I used to work in a company that was rather destroying in the self esteem department. Let us call it Company X. I was an Admin Assistant and to me that is huge and I felt I was on the right path. See, with my Psychology Education I feel I am best working with people and Admin and HR are an attraction I have. Back to Company X, see as the Admin Assistant it was my duty to make sure the office is Operational in terms of day to day operations. To me that was enough to warrant an Introduction; I mean I was at the center of it all. I am the first person you meet after the receptionist and I am the carrier of all the information you may need. And hey I got the recognition I deserved from SOME people but that was it.
To my former boss, I was of no value to the company and this was evident when he went round introducing other ‘more’ deserving colleagues the introduction went something like this “this is so and so he/she is a holder of a degree in mathematics he/she is XX in our company.” And they would get to my desk and my former boss would strictly lead them away. My heart would break into a million pieces, this went on for close to four years. Never being given credit where due and the recognition needed even for tasks I performed and were presented to guests the credit would never find its way to me.
I did my work non the less and I made sure I gave it my best. Where I was reprimanded I would take the advise given and please note that this was whether i was guilty or not. I took it in and told myself I need this job.
Don’t get me wrong I was not working for the recognition or introduction. NO. but imagine the boost that would have on my esteem and the pleasure i would receive in executing my job. I enjoyed my job because I got interact with different classes of people but on the flip side it also made me see my CLASS.

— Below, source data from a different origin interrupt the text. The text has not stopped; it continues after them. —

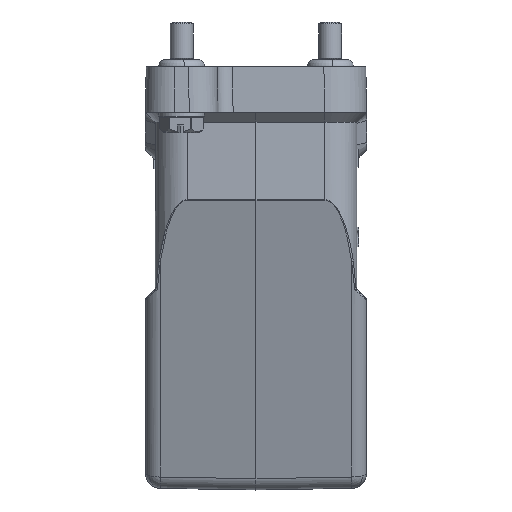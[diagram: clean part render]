
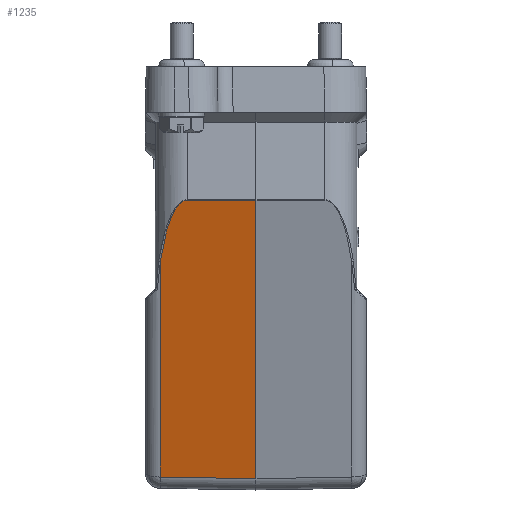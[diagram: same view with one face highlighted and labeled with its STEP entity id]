
A CAD part, left-side view. The second image highlights one B-rep face of the part: STEP entity #1235.
In plain terms, the highlighted planar face has unit normal (-0.966, 0.018, -0.259).
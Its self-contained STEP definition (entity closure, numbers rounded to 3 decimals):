
#487=B_SPLINE_CURVE_WITH_KNOTS('',3,(#17592,#17593,#17594,#17595,#17596,
#17597,#17598,#17599,#17600,#17601,#17602,#17603,#17604,#17605,#17606,#17607,
#17608,#17609,#17610,#17611),.UNSPECIFIED.,.F.,.F.,(4,2,2,2,2,2,2,2,2,4),
(0.,0.25,0.5,0.625,0.75,0.813,0.875,0.938,0.969,1.),.UNSPECIFIED.);
#1235=ADVANCED_FACE('NONE',(#1998),#1545,.F.);
#1545=PLANE('',#9651);
#1998=FACE_OUTER_BOUND('',#2558,.T.);
#2558=EDGE_LOOP('',(#6058,#6059,#6060,#6061,#6062));
#3242=LINE('',#17745,#3924);
#3279=LINE('',#18307,#3961);
#3280=LINE('',#18309,#3962);
#3281=LINE('',#18310,#3963);
#3924=VECTOR('',#11475,1.);
#3961=VECTOR('',#11582,1.);
#3962=VECTOR('',#11583,1.);
#3963=VECTOR('',#11584,1.);
#6058=ORIENTED_EDGE('',*,*,#8608,.F.);
#6059=ORIENTED_EDGE('',*,*,#8609,.F.);
#6060=ORIENTED_EDGE('',*,*,#8539,.F.);
#6061=ORIENTED_EDGE('',*,*,#8534,.F.);
#6062=ORIENTED_EDGE('',*,*,#8610,.F.);
#6739=VERTEX_POINT('',#12173);
#7362=VERTEX_POINT('',#17586);
#7363=VERTEX_POINT('',#17591);
#7366=VERTEX_POINT('',#17746);
#7404=VERTEX_POINT('',#18308);
#8534=EDGE_CURVE('NONE',#7363,#7362,#487,.T.);
#8539=EDGE_CURVE('NONE',#7362,#7366,#3242,.T.);
#8608=EDGE_CURVE('NONE',#7404,#6739,#3279,.T.);
#8609=EDGE_CURVE('NONE',#7366,#7404,#3280,.T.);
#8610=EDGE_CURVE('NONE',#6739,#7363,#3281,.T.);
#9651=AXIS2_PLACEMENT_3D('',#18311,#11585,#11586);
#11475=DIRECTION('',(-0.017,-1.,-0.002));
#11582=DIRECTION('',(0.013,1.,0.017));
#11583=DIRECTION('',(0.259,0.,-0.966));
#11584=DIRECTION('',(-0.259,0.,0.966));
#11585=DIRECTION('',(0.966,-0.017,0.259));
#11586=DIRECTION('',(0.259,0.,-0.966));
#12173=CARTESIAN_POINT('',(-55.094,25.07,-95.598));
#17586=CARTESIAN_POINT('',(-74.668,18.048,-23.022));
#17591=CARTESIAN_POINT('',(-70.235,25.07,-39.091));
#17592=CARTESIAN_POINT('',(-70.235,25.07,-39.091));
#17593=CARTESIAN_POINT('',(-70.646,24.866,-37.573));
#17594=CARTESIAN_POINT('',(-71.055,24.619,-36.062));
#17595=CARTESIAN_POINT('',(-71.87,24.009,-33.061));
#17596=CARTESIAN_POINT('',(-72.276,23.647,-31.571));
#17597=CARTESIAN_POINT('',(-72.876,22.965,-29.377));
#17598=CARTESIAN_POINT('',(-73.075,22.714,-28.653));
#17599=CARTESIAN_POINT('',(-73.466,22.142,-27.232));
#17600=CARTESIAN_POINT('',(-73.659,21.823,-26.533));
#17601=CARTESIAN_POINT('',(-73.938,21.258,-25.531));
#17602=CARTESIAN_POINT('',(-74.029,21.054,-25.205));
#17603=CARTESIAN_POINT('',(-74.204,20.607,-24.58));
#17604=CARTESIAN_POINT('',(-74.289,20.363,-24.281));
#17605=CARTESIAN_POINT('',(-74.444,19.815,-23.739));
#17606=CARTESIAN_POINT('',(-74.515,19.511,-23.494));
#17607=CARTESIAN_POINT('',(-74.597,18.996,-23.223));
#17608=CARTESIAN_POINT('',(-74.62,18.814,-23.149));
#17609=CARTESIAN_POINT('',(-74.654,18.439,-23.048));
#17610=CARTESIAN_POINT('',(-74.665,18.244,-23.022));
#17611=CARTESIAN_POINT('',(-74.668,18.048,-23.022));
#17745=CARTESIAN_POINT('',(-74.662,18.396,-23.021));
#17746=CARTESIAN_POINT('',(-74.983,0.,-23.064));
#18307=CARTESIAN_POINT('',(-55.43,0.,-96.036));
#18308=CARTESIAN_POINT('',(-55.43,0.,-96.036));
#18309=CARTESIAN_POINT('',(-54.636,0.,-99.));
#18310=CARTESIAN_POINT('',(-54.213,25.07,-98.887));
#18311=CARTESIAN_POINT('',(-54.636,0.,-99.));

Would I do the same to my employees? I am an employer in my own capacity and I make sure my staff get the recognition they deserve because I know what lack of it could do to a person.
I read so many articles on how to get the job of my dreams but I never read an article on how to deal with the downs that come out of that job.
Most of you my readers will tell me that I am an Attention Seeker and that I am being petty, well no, I am not petty and I am not an Attention Seeker I am just another working class lady toiling for the pay and hoping to do that while happy and recognized. Is that so much to ask?
Well, I got another job and I am doing better.